Arbil, September 18: US Vice President Joe Biden arrived in the Kurdish regional capital of Arbil on Thursday to push Iraqi leaders for progress on stalled legislation ahead of parliamentary elections in January.
A long-awaited hydrocarbons law, intended to open up the Iraqi oil and gas sector and establish a framework for sharing revenues, remains some way off and jockeying ahead of the January polls has hampered movement, Biden said.
He said earlier that the upcoming elections were “critical to Iraq’s future”, and also met with American soldiers at a military base outside Baghdad, posing for pictures with his arms around their shoulders.
“In truth, some of the more difficult problems are more difficult to solve in an elections cycle,” Biden said while in Baghdad on Thursday.
He raised the issue of the oil law in his talks there with senior Iraqi leaders, including Prime Minister Nuri al-Maliki.
He was to deliver the same message in meetings with Kurdish leaders in the north of the country, where he arrived Thursday afternoon, a senior US official said.
Early passage of the legislation was “in the best interest of the country,” added the official, asking not to be named.
Biden also urged Iraq to offer more generous terms at its next auction for oil concessions.
He “made clear that the next round of bidding on oil concessions should be made on more generous terms to attract more outside interest,” the official said.
“Only one of eight deals up for bidding earlier this year was taken,” he said, referring to Iraq’s first tender offer in four decades last June that saw investors snub all but one of the contracts on offer.
The official said that “even one other deal would mean 50 to 60 billion dollars in additional investment in Iraq, 600 million dollars in additional annual revenue, and tens of thousands of additional jobs.
“Ultimately, in our judgment, it’s in the interest of every Iraqi to accept a smaller piece of a much bigger pie.”
The second round of bidding for Iraq’s oil contracts is due to take place in the first half of December.
In June, British energy giant BP and China’s CNPC International Ltd were the only companies to win a bid. They accepted two dollars per barrel to work jointly in the giant Rumaila oil field in southern Iraq.
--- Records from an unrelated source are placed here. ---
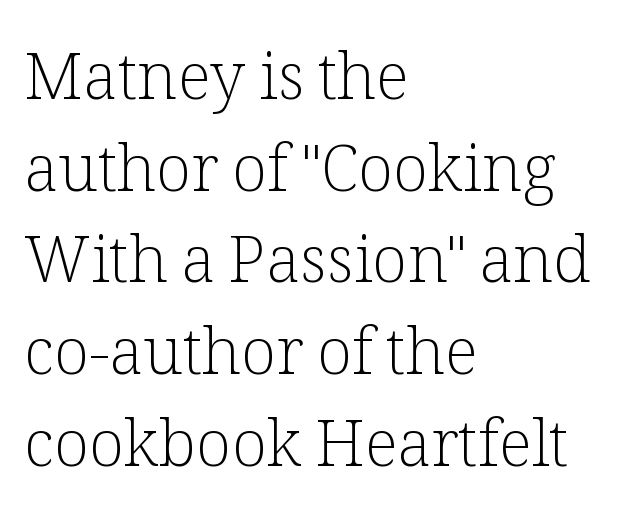
The typography opts for an upright posture over an oblique one. These lines are rendered in a variable-pitch font. Classification — serif. Nobody drew a line under any word here. The passage shown is not bold in any degree.
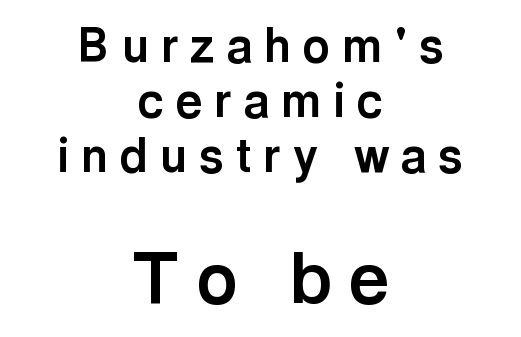
The image shows 70 px bold sans-serif type, upright; set centered, line spacing 1.17x, unusually wide letter spacing (+0.25 em), not underlined; the second (bottom) block is 1.49x larger; a medium x-height.
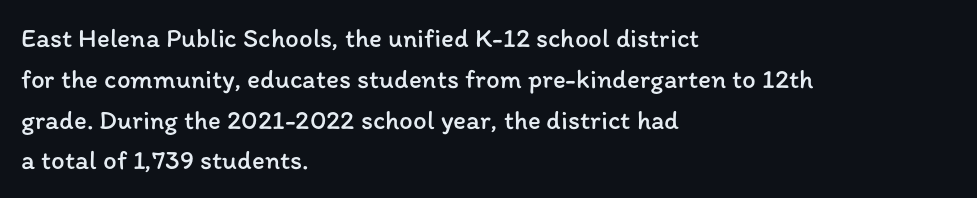
The image shows 27 px text type, upright; set left-aligned, normal line spacing (1.51x), normal letter spacing, not underlined.
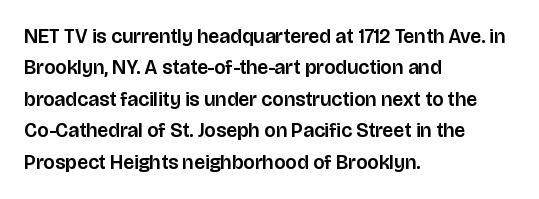
{"italic": "no", "underline": "no", "align": "left", "line_spacing": "normal", "line_spacing_ratio": 1.57, "letter_spacing": "normal", "letter_spacing_em": 0.0, "glyph_px": 20}
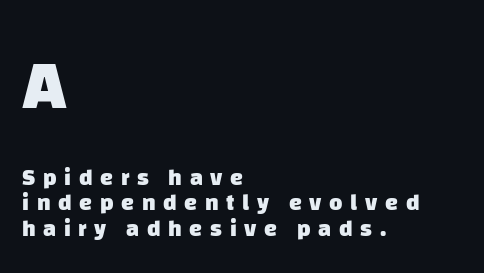
The image shows 70 px heavy sans-serif type; set left-aligned, tight line spacing (1.11x), unusually wide letter spacing (+0.33 em), not underlined; the first (top) block is 3.04x larger; low stroke contrast and a large x-height.
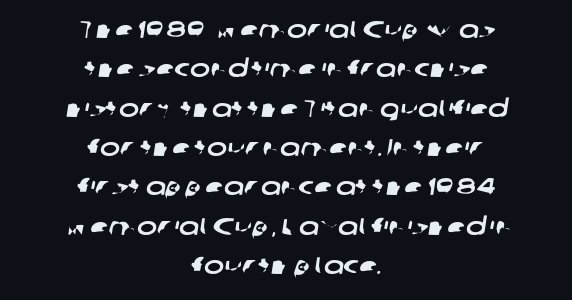
Q: Is the text underlined? A: No.
Q: How is the paragraph aligned? A: Centered.
Q: Is the spacing between letters normal or unusually wide? A: Normal.
Q: Is the spacing between lines tight, normal or loose? A: Normal.
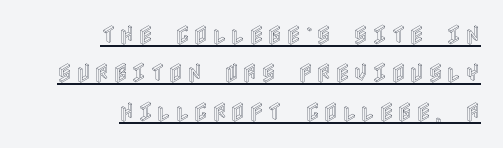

Biden welcomed the lack of sectarian reprisals after deadly bombings in Baghdad last month, saying it was “a mark of real maturation” of the Iraqi people and government.
He said a proposed referendum on changing the Iraq-US security agreement to bring forward the deadline for the withdrawal of US forces by a year to 2010 was still some way off.
But he added: “Whatever the Iraqi people decide we will abide by it.”
On Afghanistan, he said it was still “very premature” to decide on sending additional resources given that the full contingent of troops already approved had yet to arrive.
“There is no decision imminent on additional resources,” he said.